To the world, it appears that the International Organization for Migration (IOM) is a humanitarian organization. It provides emergency relief to migrants and displaced people. It conducts research on global migration and promotes the rights of migrants on its social media platforms.

Last year, IOM was formally welcomed into the United Nations family as a “related organization.” On the surface this made sense. The U.N. has a refugee agency, UNHCR, why not a migration agency? But this elevation of IOM contains a strong element of “blue washing” – the use of humanitarian language and branding to mask more controversial projects.

The U.N. partnership is problematic because IOM, unlike the refugee agency, does not have a rights-based protection mandate. This has made it an attractive tool for Western states seeking to outsource their border-control policies, especially to third countries and non-state actors.

As an IOM chief of mission in Jakarta, Indonesia, once explained to Human Rights Watch: “IOM is not, strictly speaking, a humanitarian organization.”

It is no coincidence that this admission came out of Indonesia. IOM has recently faced criticism for its role in E.U. actions in Libya, where it has received tens of millions of dollars to bolster a system intended to prevent people departing for Europe – and this is part of a longer history of controlling migration. In fact, IOM has been helping Australia manage its border controls in Indonesia and the Asia-Pacific since the turn of the century.

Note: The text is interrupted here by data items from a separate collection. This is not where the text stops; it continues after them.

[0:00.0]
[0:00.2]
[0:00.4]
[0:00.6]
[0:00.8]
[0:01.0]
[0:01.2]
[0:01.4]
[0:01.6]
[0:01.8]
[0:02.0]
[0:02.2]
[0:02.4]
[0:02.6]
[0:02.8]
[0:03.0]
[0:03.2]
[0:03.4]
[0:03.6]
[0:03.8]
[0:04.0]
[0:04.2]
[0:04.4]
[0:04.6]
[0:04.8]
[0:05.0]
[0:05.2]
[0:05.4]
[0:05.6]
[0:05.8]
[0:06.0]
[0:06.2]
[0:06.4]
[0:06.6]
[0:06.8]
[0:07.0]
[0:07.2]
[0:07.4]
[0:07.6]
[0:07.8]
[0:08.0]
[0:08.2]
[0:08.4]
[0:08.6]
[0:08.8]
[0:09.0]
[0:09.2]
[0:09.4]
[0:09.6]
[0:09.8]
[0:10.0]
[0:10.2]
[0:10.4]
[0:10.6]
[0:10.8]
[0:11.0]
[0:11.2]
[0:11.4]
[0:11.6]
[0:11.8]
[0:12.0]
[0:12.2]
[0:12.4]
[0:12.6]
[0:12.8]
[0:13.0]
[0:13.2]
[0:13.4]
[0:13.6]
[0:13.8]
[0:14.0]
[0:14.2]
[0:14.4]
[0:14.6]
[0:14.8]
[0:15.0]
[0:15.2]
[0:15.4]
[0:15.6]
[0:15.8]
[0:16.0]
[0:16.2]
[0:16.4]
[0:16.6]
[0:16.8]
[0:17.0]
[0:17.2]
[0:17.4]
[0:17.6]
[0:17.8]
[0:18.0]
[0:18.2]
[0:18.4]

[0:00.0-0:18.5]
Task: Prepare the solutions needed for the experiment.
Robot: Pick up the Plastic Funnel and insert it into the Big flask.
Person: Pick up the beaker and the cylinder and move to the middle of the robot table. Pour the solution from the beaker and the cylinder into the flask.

Some of the things the IOM is busy denying it is doing in Libya are things it has already done in Indonesia. Medecins Sans Frontieres (MSF) recently accused IOM of complicity in the torture and arbitrary detention of refugees and migrants in Libyan detention centers. In response, IOM’s E.U. office tweeted: “IOM does not sponsor prisons. Alternatives needed to Libyan detention, but we work to improve conditions.”

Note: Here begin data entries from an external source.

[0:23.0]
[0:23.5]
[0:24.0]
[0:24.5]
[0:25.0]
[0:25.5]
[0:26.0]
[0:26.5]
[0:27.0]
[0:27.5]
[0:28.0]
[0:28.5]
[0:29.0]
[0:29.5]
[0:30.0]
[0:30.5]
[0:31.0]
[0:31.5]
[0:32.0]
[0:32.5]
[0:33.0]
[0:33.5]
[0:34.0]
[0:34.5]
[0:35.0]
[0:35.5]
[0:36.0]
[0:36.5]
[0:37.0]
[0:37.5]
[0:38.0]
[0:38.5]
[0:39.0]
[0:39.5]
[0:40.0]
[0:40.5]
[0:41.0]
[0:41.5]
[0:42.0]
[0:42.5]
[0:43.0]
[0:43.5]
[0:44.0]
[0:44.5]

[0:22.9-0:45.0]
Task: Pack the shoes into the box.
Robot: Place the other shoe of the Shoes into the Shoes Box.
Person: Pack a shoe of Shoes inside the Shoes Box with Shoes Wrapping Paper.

In the early 2000s, IOM ran Australia’s infamous offshore detention centers on Nauru and Papua New Guinea, before they were dismantled in 2007 – only to be reintroduced in 2012, this time without IOM involvement.

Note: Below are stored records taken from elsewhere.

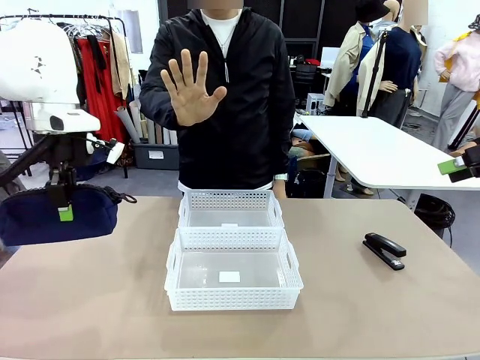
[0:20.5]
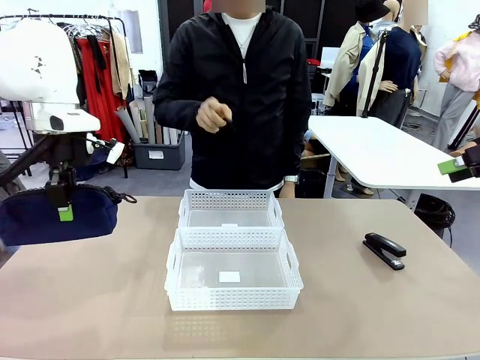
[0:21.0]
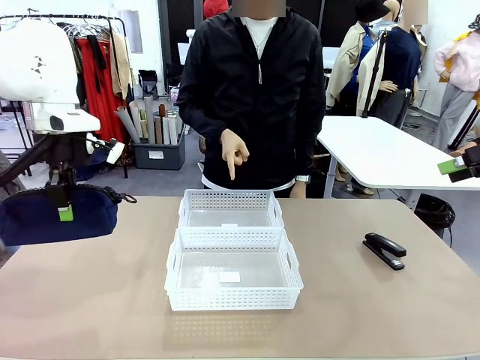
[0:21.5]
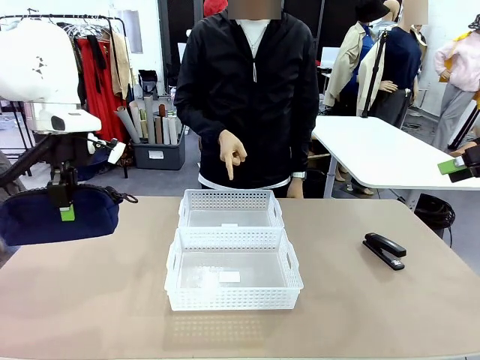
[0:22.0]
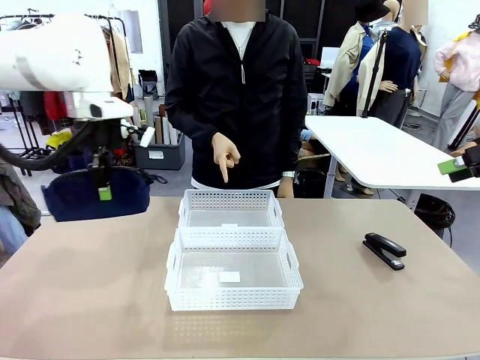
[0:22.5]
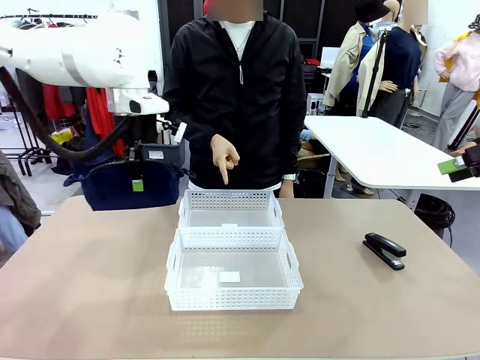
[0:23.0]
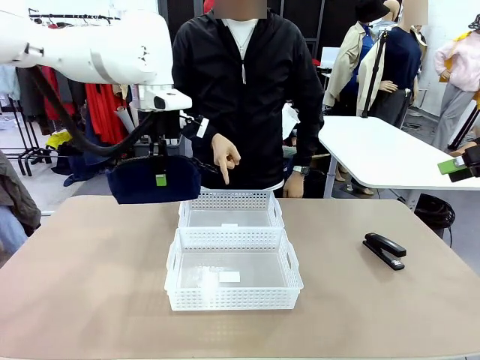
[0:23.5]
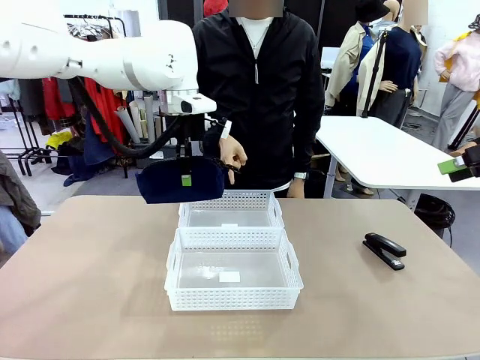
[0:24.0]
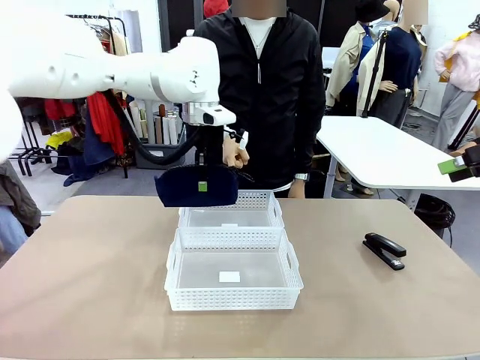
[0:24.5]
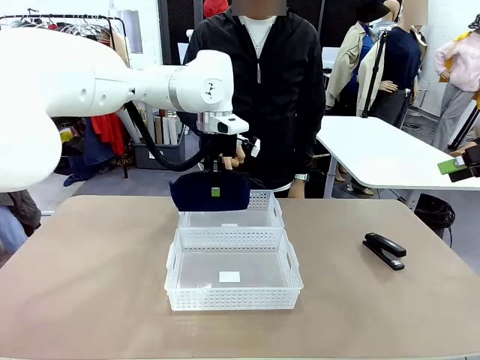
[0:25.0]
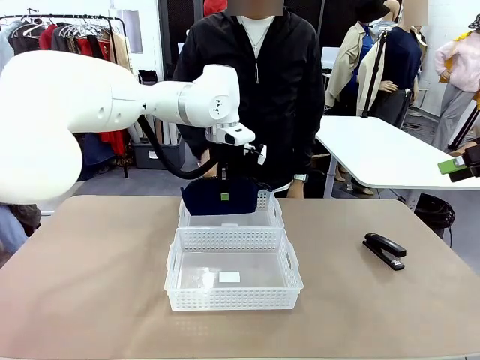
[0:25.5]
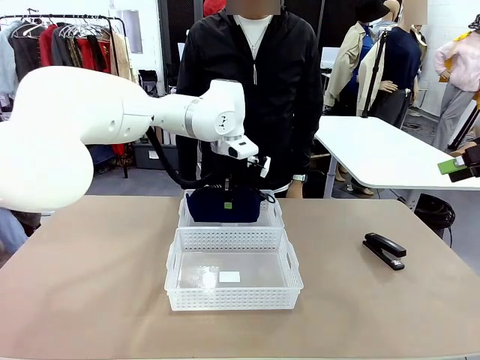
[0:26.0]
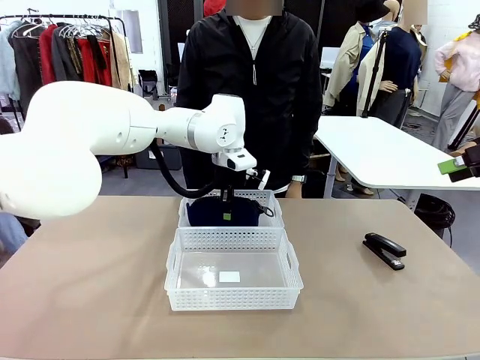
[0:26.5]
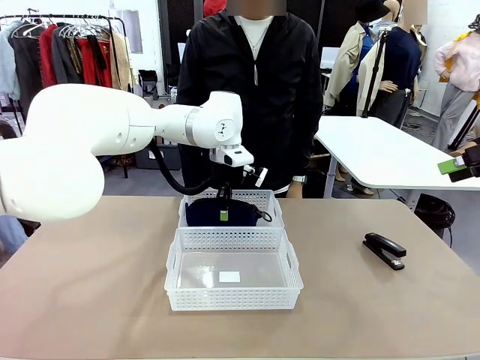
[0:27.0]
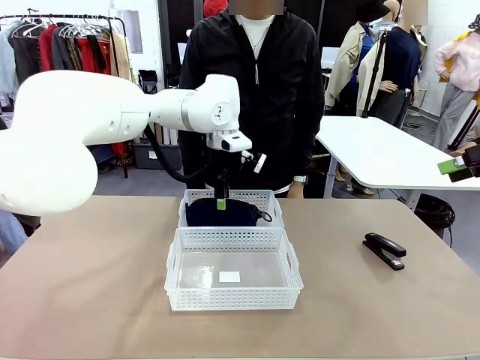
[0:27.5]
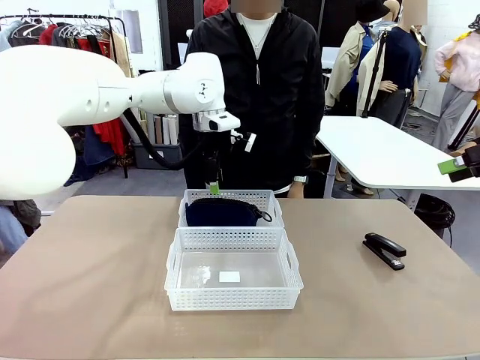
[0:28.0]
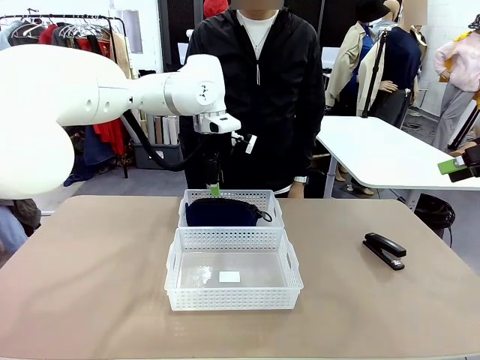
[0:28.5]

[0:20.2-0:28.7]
Task: Distribute items into two baskets.
Robot: Place the picked Pencil pouch into the Organizing basket as instructed by the person.
Person: Instructs the robot to place the pencil case into the opposite basket. Points to the stapler.

The organization has also supported Indonesian detention centers on Australia’s behalf. In 2000, IOM, Australia and Indonesia signed a Regional Cooperation Agreement, under which Indonesian police and immigration officials would intercept refugees and asylum seekers thought to be intent on traveling irregularly to Australia. Those intercepted are detained in 13 detention centers across the Indonesian archipelago, where IOM provides “migrant care management” to those detained. While Australia claims that it does not directly fund immigration detention in Indonesia, it earmarks funds using the obscure label of “providing care and maintenance to intercepted irregular migrants in Indonesia.”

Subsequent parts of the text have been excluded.